WHAT TO DO
Within the entries below, find the portion that opens with the line containing "464.1c-12.6 41.4-25.1 73.6-31.8" and closes with the line containing "1.2.2 1.4.7.4 1.1". Retype that portion exactly and only.

[Records from a data collection]
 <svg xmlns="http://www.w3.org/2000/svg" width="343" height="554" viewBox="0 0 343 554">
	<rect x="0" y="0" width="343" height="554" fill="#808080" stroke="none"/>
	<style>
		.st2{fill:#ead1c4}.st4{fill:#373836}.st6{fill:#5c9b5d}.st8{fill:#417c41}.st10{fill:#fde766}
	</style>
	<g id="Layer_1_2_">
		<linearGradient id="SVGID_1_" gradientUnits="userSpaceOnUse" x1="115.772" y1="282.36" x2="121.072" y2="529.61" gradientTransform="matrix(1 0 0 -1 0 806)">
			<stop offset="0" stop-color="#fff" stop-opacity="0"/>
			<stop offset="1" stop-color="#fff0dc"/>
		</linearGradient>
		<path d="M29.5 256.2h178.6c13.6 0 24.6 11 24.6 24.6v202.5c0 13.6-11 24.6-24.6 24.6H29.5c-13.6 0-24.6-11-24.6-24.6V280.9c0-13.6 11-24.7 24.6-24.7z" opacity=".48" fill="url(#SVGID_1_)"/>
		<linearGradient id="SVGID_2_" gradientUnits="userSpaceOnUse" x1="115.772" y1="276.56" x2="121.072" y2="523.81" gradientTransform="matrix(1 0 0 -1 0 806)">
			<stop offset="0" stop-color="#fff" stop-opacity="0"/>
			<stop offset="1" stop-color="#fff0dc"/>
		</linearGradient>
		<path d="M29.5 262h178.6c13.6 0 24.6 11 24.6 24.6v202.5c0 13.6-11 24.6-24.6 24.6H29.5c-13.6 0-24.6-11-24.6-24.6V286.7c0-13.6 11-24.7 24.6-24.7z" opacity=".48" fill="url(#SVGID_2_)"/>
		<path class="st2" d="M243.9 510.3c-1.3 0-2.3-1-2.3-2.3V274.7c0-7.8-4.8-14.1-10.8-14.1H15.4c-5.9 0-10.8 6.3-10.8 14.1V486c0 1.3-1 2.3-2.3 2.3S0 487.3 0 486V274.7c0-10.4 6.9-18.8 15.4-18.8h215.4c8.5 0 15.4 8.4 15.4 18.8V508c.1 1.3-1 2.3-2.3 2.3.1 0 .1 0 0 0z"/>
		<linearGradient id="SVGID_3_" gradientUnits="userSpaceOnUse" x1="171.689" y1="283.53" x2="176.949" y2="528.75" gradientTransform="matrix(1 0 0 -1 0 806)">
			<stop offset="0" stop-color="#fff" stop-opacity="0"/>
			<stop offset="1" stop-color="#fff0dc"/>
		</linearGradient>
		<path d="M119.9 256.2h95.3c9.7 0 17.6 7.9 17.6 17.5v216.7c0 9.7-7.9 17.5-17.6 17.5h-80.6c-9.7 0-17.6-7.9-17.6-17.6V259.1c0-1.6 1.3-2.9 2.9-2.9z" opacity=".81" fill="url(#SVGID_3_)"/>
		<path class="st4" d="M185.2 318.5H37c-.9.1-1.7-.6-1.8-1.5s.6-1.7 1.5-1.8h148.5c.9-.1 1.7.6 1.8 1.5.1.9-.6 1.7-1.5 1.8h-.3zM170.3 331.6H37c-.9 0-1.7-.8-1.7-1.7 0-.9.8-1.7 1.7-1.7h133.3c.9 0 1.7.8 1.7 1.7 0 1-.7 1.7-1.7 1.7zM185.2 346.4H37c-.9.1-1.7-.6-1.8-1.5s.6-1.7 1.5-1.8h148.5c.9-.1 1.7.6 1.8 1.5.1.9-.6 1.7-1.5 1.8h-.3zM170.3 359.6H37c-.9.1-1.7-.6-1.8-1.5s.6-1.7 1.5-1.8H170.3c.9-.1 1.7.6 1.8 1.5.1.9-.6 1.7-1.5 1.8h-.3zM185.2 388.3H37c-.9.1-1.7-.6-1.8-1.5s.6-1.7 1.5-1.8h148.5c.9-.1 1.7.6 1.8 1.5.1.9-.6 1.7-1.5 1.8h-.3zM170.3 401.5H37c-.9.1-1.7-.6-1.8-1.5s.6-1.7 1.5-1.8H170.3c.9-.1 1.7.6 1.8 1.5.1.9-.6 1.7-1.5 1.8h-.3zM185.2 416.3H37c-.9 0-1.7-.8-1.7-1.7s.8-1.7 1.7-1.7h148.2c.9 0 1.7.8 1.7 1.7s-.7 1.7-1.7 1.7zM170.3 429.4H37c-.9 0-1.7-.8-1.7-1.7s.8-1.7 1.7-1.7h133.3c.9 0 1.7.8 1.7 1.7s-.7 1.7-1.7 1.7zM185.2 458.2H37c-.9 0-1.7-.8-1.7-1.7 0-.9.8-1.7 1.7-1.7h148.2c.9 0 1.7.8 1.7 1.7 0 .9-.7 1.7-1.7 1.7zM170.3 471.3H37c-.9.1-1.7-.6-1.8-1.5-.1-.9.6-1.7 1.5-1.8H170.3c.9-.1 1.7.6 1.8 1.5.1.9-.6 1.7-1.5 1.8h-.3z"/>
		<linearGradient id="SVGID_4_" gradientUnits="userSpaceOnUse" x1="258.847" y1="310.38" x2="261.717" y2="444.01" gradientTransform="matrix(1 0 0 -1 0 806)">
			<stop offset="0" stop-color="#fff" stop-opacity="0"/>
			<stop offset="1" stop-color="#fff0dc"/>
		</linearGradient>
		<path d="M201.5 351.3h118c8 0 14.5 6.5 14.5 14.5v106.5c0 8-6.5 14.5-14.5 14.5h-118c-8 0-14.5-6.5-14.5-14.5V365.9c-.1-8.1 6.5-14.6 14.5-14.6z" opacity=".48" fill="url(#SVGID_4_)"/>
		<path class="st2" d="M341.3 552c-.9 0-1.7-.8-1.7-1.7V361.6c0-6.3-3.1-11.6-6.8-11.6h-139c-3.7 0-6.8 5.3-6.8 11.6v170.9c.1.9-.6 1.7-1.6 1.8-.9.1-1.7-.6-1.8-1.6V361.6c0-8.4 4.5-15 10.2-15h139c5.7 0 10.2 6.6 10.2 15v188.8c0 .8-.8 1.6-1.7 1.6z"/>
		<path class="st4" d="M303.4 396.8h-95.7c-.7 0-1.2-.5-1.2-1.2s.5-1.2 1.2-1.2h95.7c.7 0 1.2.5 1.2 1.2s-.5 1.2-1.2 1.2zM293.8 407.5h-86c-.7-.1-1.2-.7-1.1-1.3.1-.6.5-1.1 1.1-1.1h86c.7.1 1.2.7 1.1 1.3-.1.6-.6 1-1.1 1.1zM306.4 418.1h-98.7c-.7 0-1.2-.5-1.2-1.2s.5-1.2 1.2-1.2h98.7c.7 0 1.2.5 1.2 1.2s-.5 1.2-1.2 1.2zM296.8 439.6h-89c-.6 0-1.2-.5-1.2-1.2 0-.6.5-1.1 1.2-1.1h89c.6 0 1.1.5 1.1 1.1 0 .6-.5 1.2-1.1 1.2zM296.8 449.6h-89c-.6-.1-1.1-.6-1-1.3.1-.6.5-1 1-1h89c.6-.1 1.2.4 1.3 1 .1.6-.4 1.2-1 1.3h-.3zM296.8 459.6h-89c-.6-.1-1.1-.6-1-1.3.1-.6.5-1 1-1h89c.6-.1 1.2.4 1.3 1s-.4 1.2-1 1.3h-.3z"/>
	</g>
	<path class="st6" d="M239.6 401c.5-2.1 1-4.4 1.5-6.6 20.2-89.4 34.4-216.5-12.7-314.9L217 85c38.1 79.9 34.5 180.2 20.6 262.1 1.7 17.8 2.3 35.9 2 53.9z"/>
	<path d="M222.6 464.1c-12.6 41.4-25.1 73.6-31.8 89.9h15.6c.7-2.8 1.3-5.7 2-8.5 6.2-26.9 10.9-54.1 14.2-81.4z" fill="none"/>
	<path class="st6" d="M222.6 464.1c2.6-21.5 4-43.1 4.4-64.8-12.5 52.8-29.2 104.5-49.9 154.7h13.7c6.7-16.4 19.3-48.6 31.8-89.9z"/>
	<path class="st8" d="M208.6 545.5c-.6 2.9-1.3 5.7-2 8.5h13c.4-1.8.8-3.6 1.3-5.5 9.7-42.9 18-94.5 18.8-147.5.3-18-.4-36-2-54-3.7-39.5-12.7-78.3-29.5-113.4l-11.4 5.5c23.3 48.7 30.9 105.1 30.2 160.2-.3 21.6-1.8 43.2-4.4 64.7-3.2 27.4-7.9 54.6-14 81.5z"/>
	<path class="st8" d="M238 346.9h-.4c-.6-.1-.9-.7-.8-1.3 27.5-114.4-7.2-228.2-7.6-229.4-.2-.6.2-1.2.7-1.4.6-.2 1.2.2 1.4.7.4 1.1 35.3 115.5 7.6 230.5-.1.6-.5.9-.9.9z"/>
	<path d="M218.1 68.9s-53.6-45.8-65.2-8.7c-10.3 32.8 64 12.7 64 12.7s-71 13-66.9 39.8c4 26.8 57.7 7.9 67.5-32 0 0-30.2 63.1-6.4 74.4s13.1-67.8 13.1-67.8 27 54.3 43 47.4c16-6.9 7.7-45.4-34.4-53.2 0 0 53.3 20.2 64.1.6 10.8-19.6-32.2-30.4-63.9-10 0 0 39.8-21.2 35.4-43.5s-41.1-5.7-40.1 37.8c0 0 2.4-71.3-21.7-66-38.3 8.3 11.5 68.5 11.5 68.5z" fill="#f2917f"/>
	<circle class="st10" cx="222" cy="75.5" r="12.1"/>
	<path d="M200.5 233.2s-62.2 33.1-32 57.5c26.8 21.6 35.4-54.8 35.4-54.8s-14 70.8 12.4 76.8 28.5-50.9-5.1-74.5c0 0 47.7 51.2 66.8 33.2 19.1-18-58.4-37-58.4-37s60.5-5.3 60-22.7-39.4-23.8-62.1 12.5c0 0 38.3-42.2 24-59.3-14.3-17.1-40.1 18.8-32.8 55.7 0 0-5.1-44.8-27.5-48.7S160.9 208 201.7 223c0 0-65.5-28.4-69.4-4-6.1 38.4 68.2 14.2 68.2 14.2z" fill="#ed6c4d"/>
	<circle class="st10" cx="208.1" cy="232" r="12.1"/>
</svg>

RESPONSE BELOW
	<path d="M222.6 464.1c-12.6 41.4-25.1 73.6-31.8 89.9h15.6c.7-2.8 1.3-5.7 2-8.5 6.2-26.9 10.9-54.1 14.2-81.4z" fill="none"/>
	<path class="st6" d="M222.6 464.1c2.6-21.5 4-43.1 4.4-64.8-12.5 52.8-29.2 104.5-49.9 154.7h13.7c6.7-16.4 19.3-48.6 31.8-89.9z"/>
	<path class="st8" d="M208.6 545.5c-.6 2.9-1.3 5.7-2 8.5h13c.4-1.8.8-3.6 1.3-5.5 9.7-42.9 18-94.5 18.8-147.5.3-18-.4-36-2-54-3.7-39.5-12.7-78.3-29.5-113.4l-11.4 5.5c23.3 48.7 30.9 105.1 30.2 160.2-.3 21.6-1.8 43.2-4.4 64.7-3.2 27.4-7.9 54.6-14 81.5z"/>
	<path class="st8" d="M238 346.9h-.4c-.6-.1-.9-.7-.8-1.3 27.5-114.4-7.2-228.2-7.6-229.4-.2-.6.2-1.2.7-1.4.6-.2 1.2.2 1.4.7.4 1.1 35.3 115.5 7.6 230.5-.1.6-.5.9-.9.9z"/>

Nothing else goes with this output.